The Sixth Mass Extinction

I’ve always had a little bit of a gloomy streak, and I remember having the feeling the world would end sometime in my lifetime. In 1999 I irrationally felt it might happen, partially fueled by viewing the motion picture Magnolia, listening to the Prince record 1999, and hearing some panicked reports on the news about electronics going haywire due to the number change that I didn’t really understand. That was a little anticlimactic and I honestly felt kind of disappointed.

As I’ve gotten older, I feel like I’ve adopted a more reasonably objective view that it seems like humanity is unsustainable if it continues its current trajectory of population growth, depletion of resources, and widening economic gap. Now I feel like I’m less bonkers (in that respect) in that the world has probably felt vaguely apocalyptic to a lot of people lately, what with global pandemics, fires, and storms breaking out. People who are way smarter than me—researchers and scientists—have been predicting a “sixth mass extinction” of biodiversity approaching, and it sounds like the situation is becoming more dire according to the most recent study.

Top scientists warn of ‘ghastly future of mass extinction’ and climate disruption | Environment | The Guardian

“Dealing with the enormity of the problem requires far-reaching changes to global capitalism, education and equality, the paper says. These include abolishing the idea of perpetual economic growth, properly pricing environmental externalities, stopping the use of fossil fuels, reining in corporate lobbying, and empowering women, the researchers argue.”

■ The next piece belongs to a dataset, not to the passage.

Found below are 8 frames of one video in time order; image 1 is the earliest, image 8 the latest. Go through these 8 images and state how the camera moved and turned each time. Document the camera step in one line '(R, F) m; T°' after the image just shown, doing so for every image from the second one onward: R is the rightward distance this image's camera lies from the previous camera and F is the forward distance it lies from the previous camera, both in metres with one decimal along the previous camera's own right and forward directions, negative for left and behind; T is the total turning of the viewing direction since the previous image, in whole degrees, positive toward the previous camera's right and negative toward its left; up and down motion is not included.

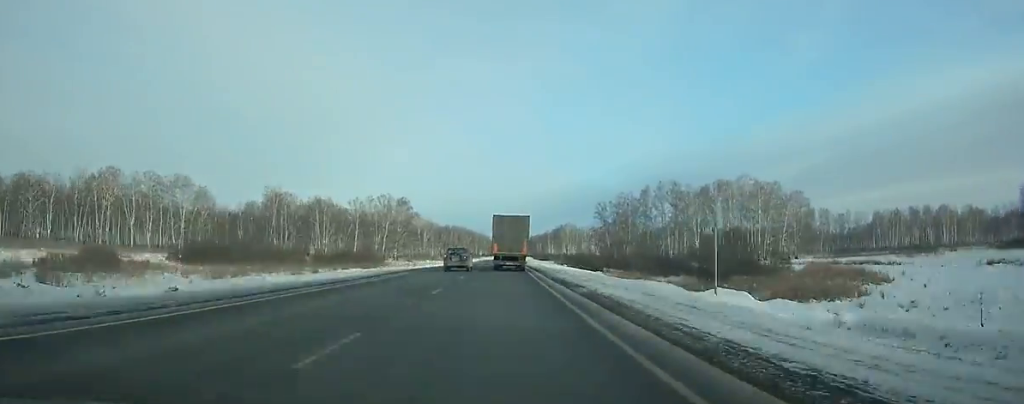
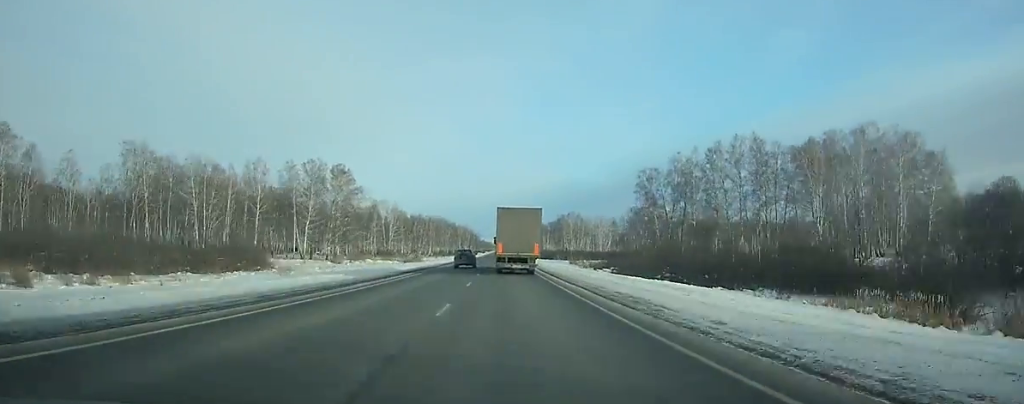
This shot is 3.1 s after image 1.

All of those changes sound unlikely to happen to me. It’s a weird feeling of cognitive dissonance when a feeling you’ve had for a long time you thought was absurd shows at least some signs of becoming a reality.

However, despite the feeling, I’m not sure it will happen in my lifetime. It’s just a feeling. That would be too easy. I think it will probably be more drawn-out, and I hate to say it, I think humanity is probably going to have to reckon for more of its crimes. Some people think we might be able to colonize space and start over. 

I once wrote about the gloomy but lovely Lars Von Trier film Melancholia, where the clinically depressed character played by Kirsten Dunst is the only one ultimately prepared for the end of the world, because she’s been expecting it all along. There’s a great ominous line in the film where she says “Life on earth is evil. No one will mourn it.”

Von Trier, who himself struggles with depression, said a seed of inspiration for the film came to him from a conversation he had with this therapist where they discussed how someone with a depressed viewpoint would react differently to the end of the world, and might actually embrace it.

What’s the saying, “I love humanity, but I don’t like people?” I feel like it’s kind of the opposite for me. I really hate the human species as a whole and collectively, but individual people like, and of course there are so many wonderful people I’ve known who deserve to live rich and full lives. I would mourn them if I could separate them out. However, if I was told the world was to end because mankind sowed its own seeds of destruction, I would probably accept it as fair and reasonable. 

I’m sure my mindset does stem from my depression and the dim view its given me at times as well as my experiences with suicidal ideation. I also know that I am bad about “catastrophizing” in cognitive behavioral terms and expecting the worst, and I’m very often wrong.

One technique in therapy for “catastrophizing” is imagining the worst of any given possible scenario—if you’re anxious about work, that you’ll get fired and lose your job; if you have relationship anxiety, that your spouse is cheating, and so on and so forth, and how if that thing eventually happened, it wouldn’t be as bad as you thought.

What thing could you imagine make the end of the world feel better? Well, there’s the life that you had the chance to have. And then, there’s whatever’s coming next–whatever you believe happens after life and, specifically, humanity.